EXERCISE INSTRUCTIONS » Working from the records below, repeat exactly the lines starting at the line that contains "Running earliest to" and ending at the line that contains "This is 3.0 s since image 1.", inclusive.

EXERCISE MATERIALS »
╔══
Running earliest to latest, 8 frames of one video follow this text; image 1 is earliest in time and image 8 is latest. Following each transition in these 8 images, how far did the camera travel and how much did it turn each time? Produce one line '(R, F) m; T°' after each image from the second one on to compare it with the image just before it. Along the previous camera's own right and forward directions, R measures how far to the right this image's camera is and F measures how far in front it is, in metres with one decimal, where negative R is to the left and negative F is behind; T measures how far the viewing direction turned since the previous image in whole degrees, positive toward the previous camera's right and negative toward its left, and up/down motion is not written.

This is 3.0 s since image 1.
╚══
╔══
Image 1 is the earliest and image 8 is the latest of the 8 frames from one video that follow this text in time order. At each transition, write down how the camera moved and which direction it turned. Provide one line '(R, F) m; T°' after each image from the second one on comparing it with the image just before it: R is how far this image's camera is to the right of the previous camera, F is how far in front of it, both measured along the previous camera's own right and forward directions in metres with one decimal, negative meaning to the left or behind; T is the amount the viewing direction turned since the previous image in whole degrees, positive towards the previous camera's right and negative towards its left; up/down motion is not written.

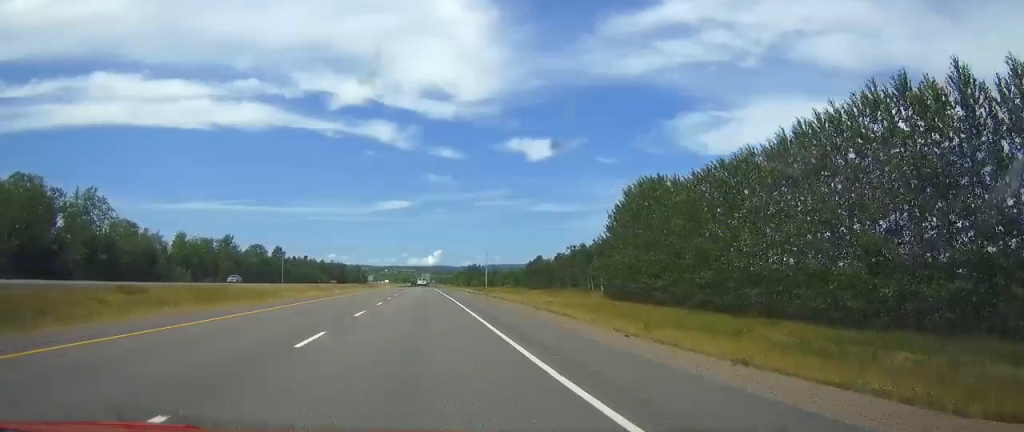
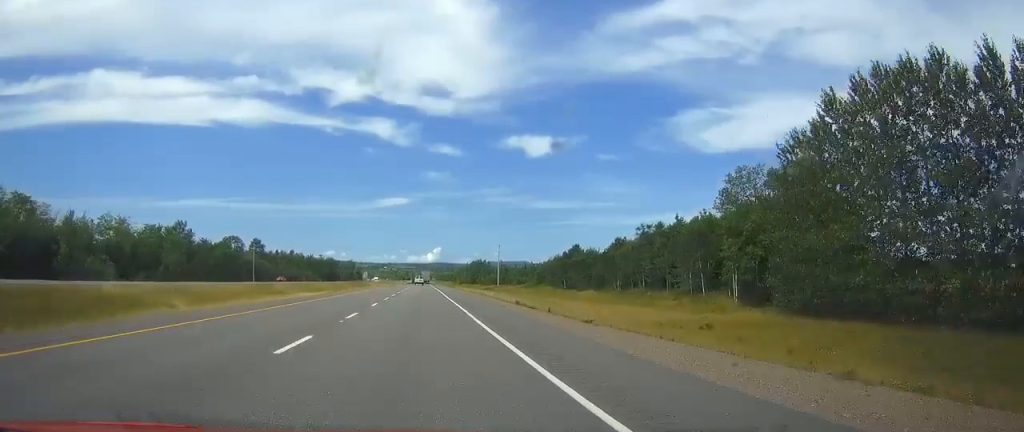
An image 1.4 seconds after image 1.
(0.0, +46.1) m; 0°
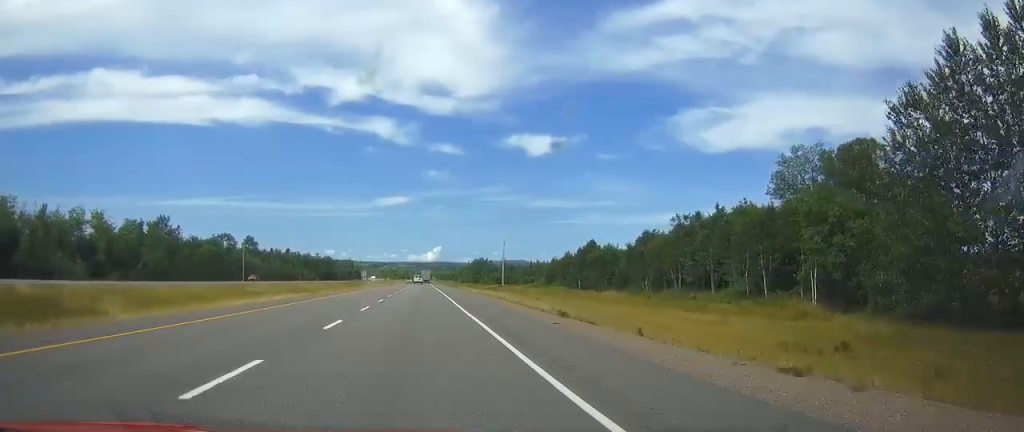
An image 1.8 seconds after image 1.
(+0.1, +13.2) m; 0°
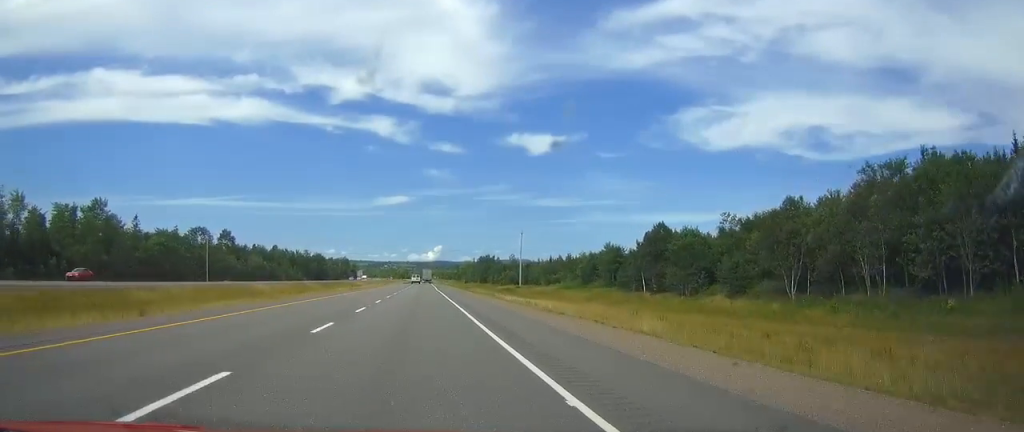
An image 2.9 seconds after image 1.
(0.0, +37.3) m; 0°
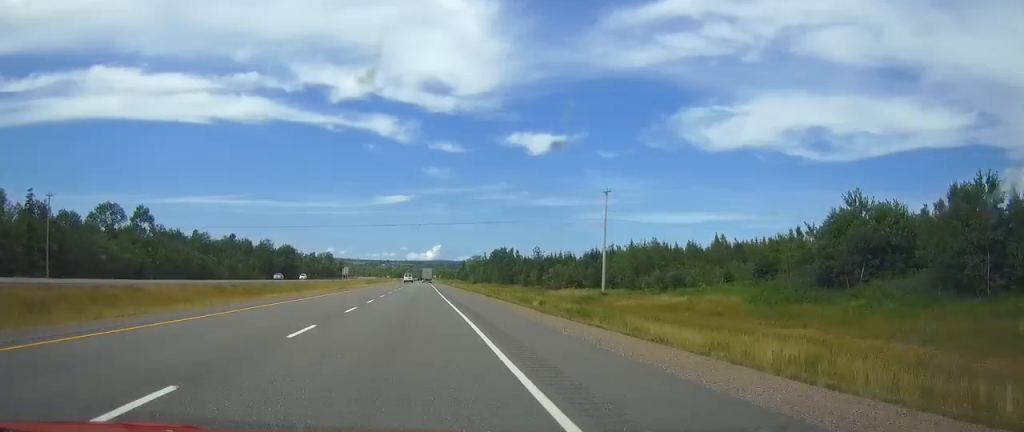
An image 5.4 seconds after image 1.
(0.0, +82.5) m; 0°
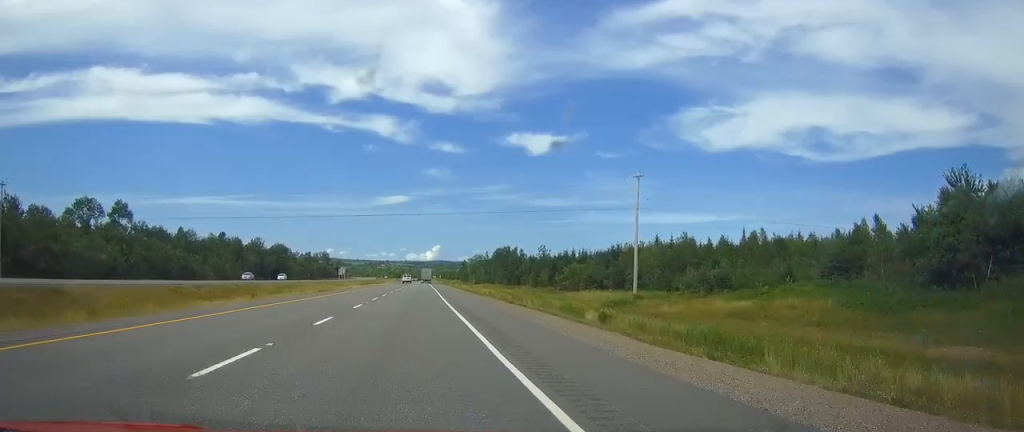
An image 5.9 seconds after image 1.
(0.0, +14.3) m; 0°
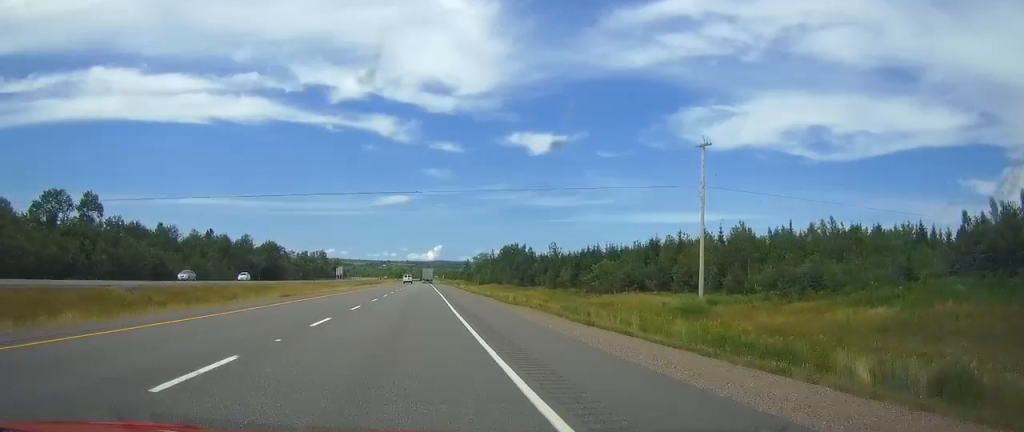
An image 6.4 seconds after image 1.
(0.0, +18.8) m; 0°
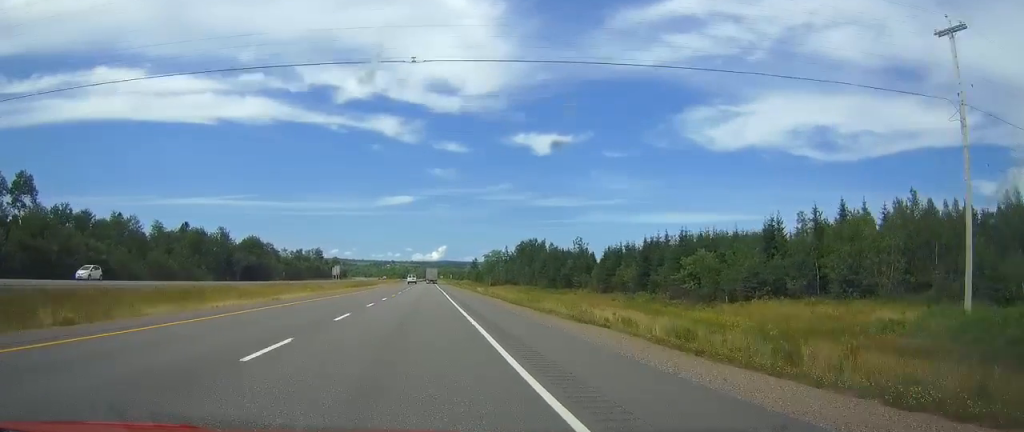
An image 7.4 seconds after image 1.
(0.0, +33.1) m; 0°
╚══
WRITTEN RESPONSE »
Running earliest to latest, 8 frames of one video follow this text; image 1 is earliest in time and image 8 is latest. Following each transition in these 8 images, how far did the camera travel and how much did it turn each time? Produce one line '(R, F) m; T°' after each image from the second one on to compare it with the image just before it. Along the previous camera's own right and forward directions, R measures how far to the right this image's camera is and F measures how far in front it is, in metres with one decimal, where negative R is to the left and negative F is behind; T measures how far the viewing direction turned since the previous image in whole degrees, positive toward the previous camera's right and negative toward its left, and up/down motion is not written.

This is 3.0 s since image 1.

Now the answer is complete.